§ The input
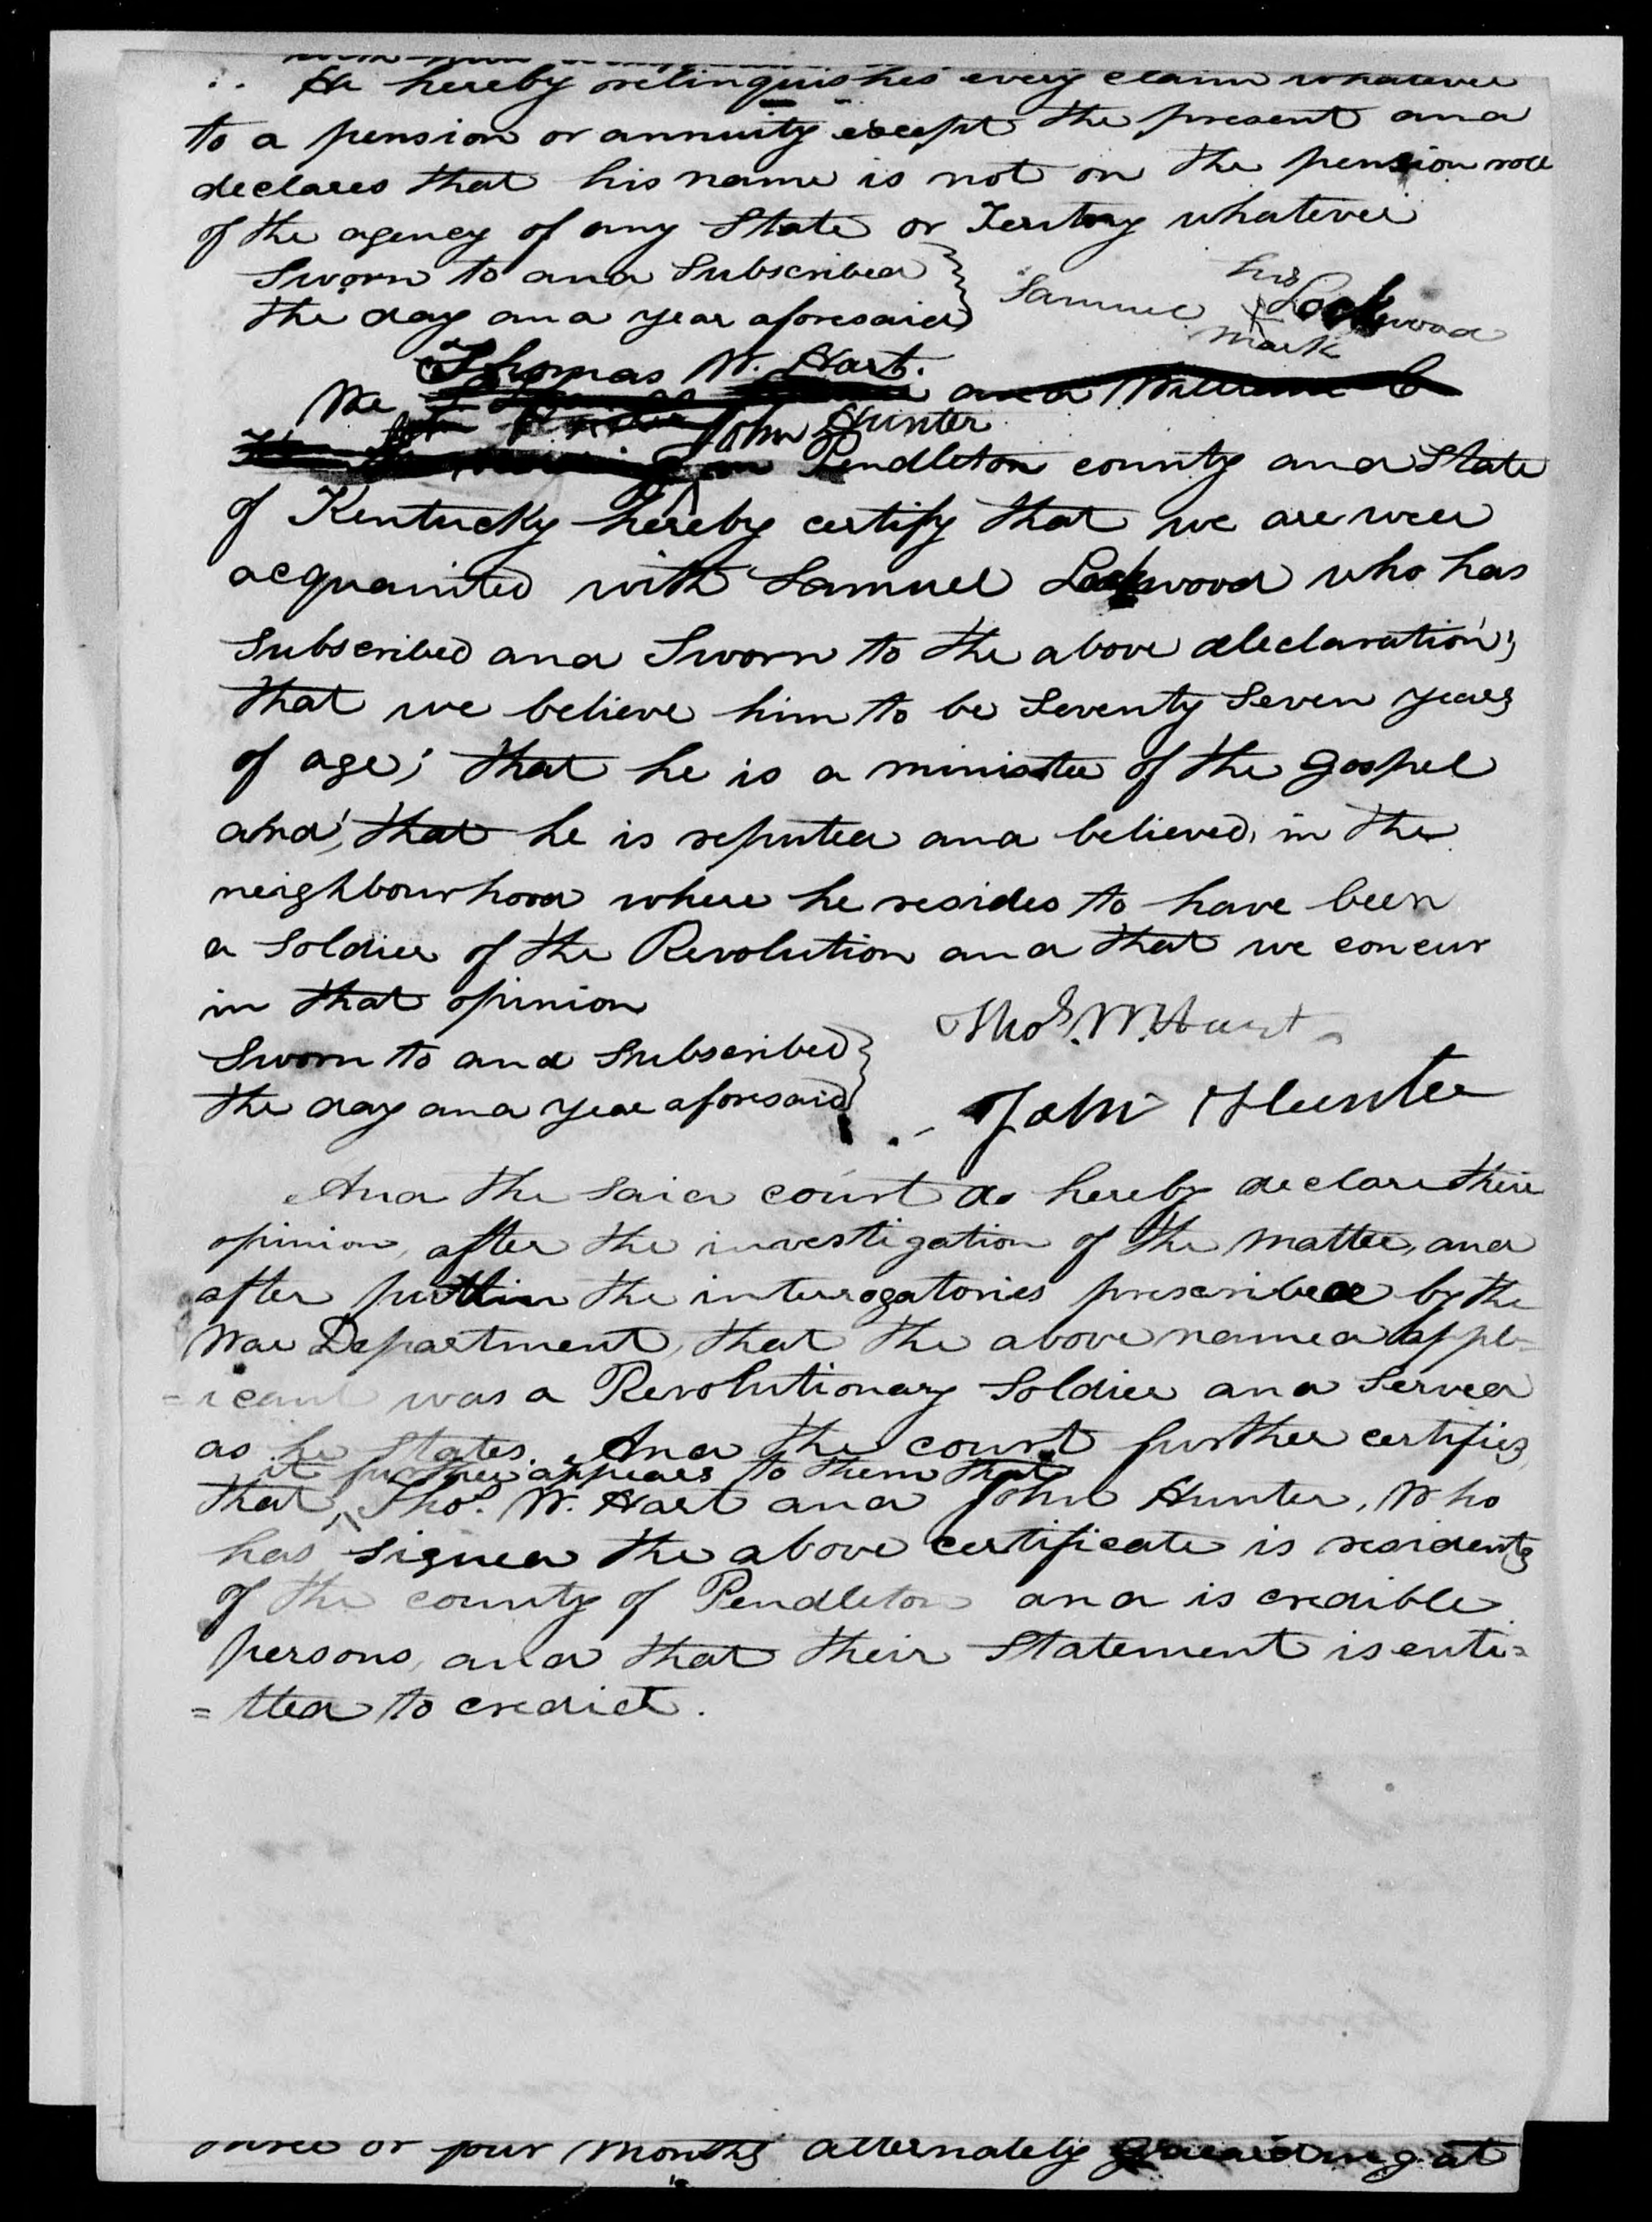He hereby relinquishes every claim whatever to a pension or annuity except the present and declares that his name is not on the pension roll of the agency of any state or territory whatever.
Sworn to and subscribed the day and year aforesaid

Samuel Lockwood (his mark)

Mr. Thomas W Hart, John Hunter, Pendleton county and state of Kentucky hereby certify that we are well acquainted with Samuel Lockwood who has subscribed and sworn to the above declaration , that we believe him to be seventy seven years of age; that he is a minister of the gospel and, that he is respected and believed in the neighborhood where he resides to have been a soldier of the revolution and the we concur in that opinion.
Sworn to and subscribed the day and year aforesaid
(Signatures) Thomas Hart, John Hunter

And the said court do hereby declare there opinion after the investigation of the matter and after further the interogatories prescribed by the war department that the above named applicant was a Revolutionary Soldier and served as he states.  And the court further certifies that it appears to them that Thos. W. Hart and John Hunter who has signed the above certificate is residents of the county of Pendleton and is credible persons and that their statement is written to credit.

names: Thomas W Hart; John Hunter; Samuel Lockwood
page: 13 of 25
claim: survivor's
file: S. 13789, for Samuel Lockwood, Delaware

§ What the exercise asks
Verbatim output of every entry above is required, though pictures are to be left out.

§ Answer for this exercise
He hereby relinquishes every claim whatever to a pension or annuity except the present and declares that his name is not on the pension roll of the agency of any state or territory whatever.
Sworn to and subscribed the day and year aforesaid

Samuel Lockwood (his mark)

Mr. Thomas W Hart, John Hunter, Pendleton county and state of Kentucky hereby certify that we are well acquainted with Samuel Lockwood who has subscribed and sworn to the above declaration , that we believe him to be seventy seven years of age; that he is a minister of the gospel and, that he is respected and believed in the neighborhood where he resides to have been a soldier of the revolution and the we concur in that opinion.
Sworn to and subscribed the day and year aforesaid
(Signatures) Thomas Hart, John Hunter

And the said court do hereby declare there opinion after the investigation of the matter and after further the interogatories prescribed by the war department that the above named applicant was a Revolutionary Soldier and served as he states.  And the court further certifies that it appears to them that Thos. W. Hart and John Hunter who has signed the above certificate is residents of the county of Pendleton and is credible persons and that their statement is written to credit.

names: Thomas W Hart; John Hunter; Samuel Lockwood
page: 13 of 25
claim: survivor's
file: S. 13789, for Samuel Lockwood, Delaware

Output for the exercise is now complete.